From “data is the new oil” (or not) to “90% of the world data was generated over the last 2 years”, it is fair to say data has been getting some traction recently.

But what is “data” exactly? The Cambridge Dictionary defines data as:

information, especially facts or numbers, collected to be examined and considered and used to help decision-making, or information in an electronic form that can be stored and used by a computer.

So data is “especially facts and numbers”, but not only. Effectively, data comes in many formats: audio files, video/photo files, tabular data, pdf scans, emails, list of invoices, etc. Each of these formats contain a specific type of information and, with it a particular value, therefore it has to be handled in an appropriate way to maximise this value. Welcome to the world of data engineering!

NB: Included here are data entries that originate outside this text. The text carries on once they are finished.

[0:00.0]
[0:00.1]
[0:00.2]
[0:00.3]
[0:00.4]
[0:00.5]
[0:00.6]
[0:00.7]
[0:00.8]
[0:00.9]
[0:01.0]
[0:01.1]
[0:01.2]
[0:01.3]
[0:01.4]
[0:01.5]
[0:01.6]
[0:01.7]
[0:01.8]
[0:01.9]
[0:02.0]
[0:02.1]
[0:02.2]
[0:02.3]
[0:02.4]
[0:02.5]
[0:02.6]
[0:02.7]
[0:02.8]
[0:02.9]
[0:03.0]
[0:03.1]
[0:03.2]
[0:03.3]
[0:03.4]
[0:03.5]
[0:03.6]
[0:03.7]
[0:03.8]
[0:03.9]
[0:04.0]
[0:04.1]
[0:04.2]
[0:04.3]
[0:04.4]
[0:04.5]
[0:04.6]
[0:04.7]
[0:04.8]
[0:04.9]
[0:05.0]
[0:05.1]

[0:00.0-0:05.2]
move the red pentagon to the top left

It is a very complex field of computer science and, to keep things simple, I will only mention 2 principal families in data handling: DataBase Management Systems and Relational DataBase Management Systems. It is a functional classification, as “management systems” is just another fancy name for software, but as I am going to emphasise the relational aspect only, there is no need to bring confusion. (More detail is available in the footnotes if you are interested.)

Structured Query Language

In terms of relational databases, there is a clear winner: the Structured Query Language. Used across the board, a “flavour” of SQL will most likely interact with the database that stores your data, no matter its type. Because SQL is king in the RDBMS ecosystem, it also happens to be one of the most in-demand skills, according to the Indeed tech job report at least.

The Setup

There are many ways to get started with SQL. Depending on which aspect you want to work on: you can install DBeaver, which handles many types of database protocols out of the box, or you can specifically install PostgreSQL/SQLite. You can even download a docker container image. These are good options if you are interested in the data engineering side of data handling.

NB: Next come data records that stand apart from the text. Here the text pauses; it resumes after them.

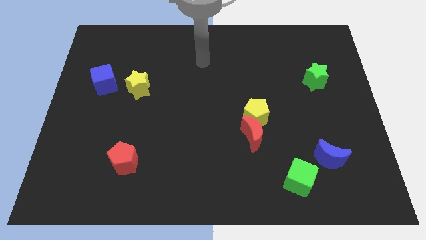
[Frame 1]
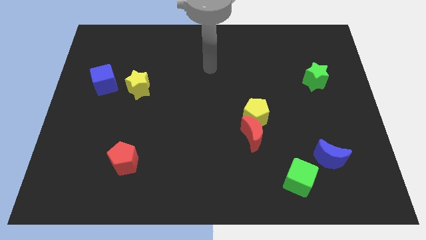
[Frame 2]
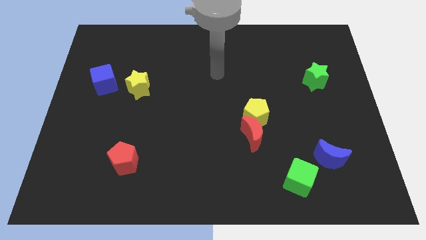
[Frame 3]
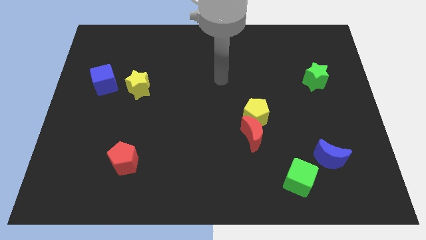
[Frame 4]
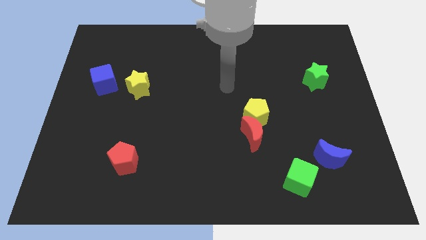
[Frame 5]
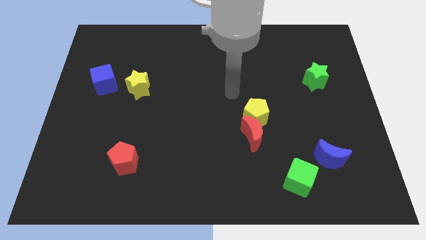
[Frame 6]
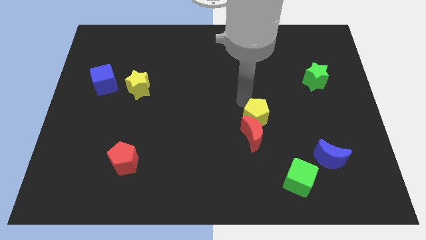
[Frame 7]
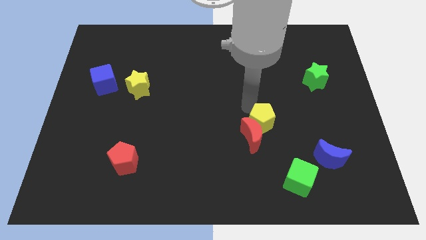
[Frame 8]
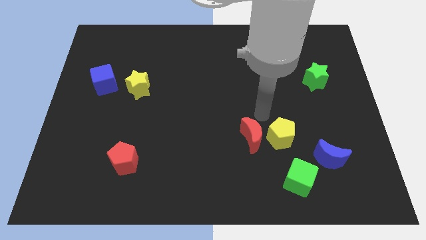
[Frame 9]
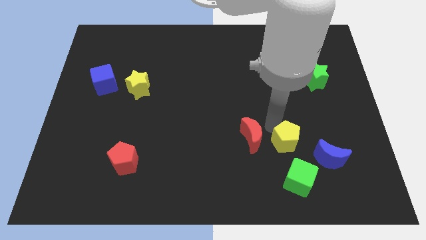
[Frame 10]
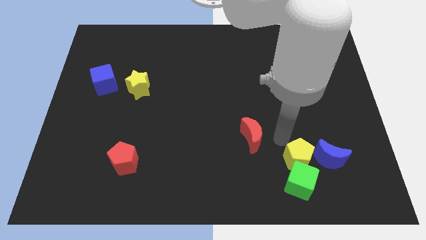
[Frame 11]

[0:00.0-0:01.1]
move the red moon away from the yellow pentagon

In this article, I am going to focus on data management using Python. It can be as simple as import sqlite3 (it is a built-in library) or installing the right driver (e.g. one of these for a Postgre database). Again, it all depends on which format your data is.

I would highly recommend using DBeaver to ease the learning process. You will be able to generate a sample database on the first start, which is very handy when you want to focus on learning SQL basics (it is the database I’ll use in this article). One of the best features of DBeaver is the direct access to a visual representation of the database structure (once connected to the database, double click on ‘Tables’ and have a look at the ‘ER Diagram’ tab).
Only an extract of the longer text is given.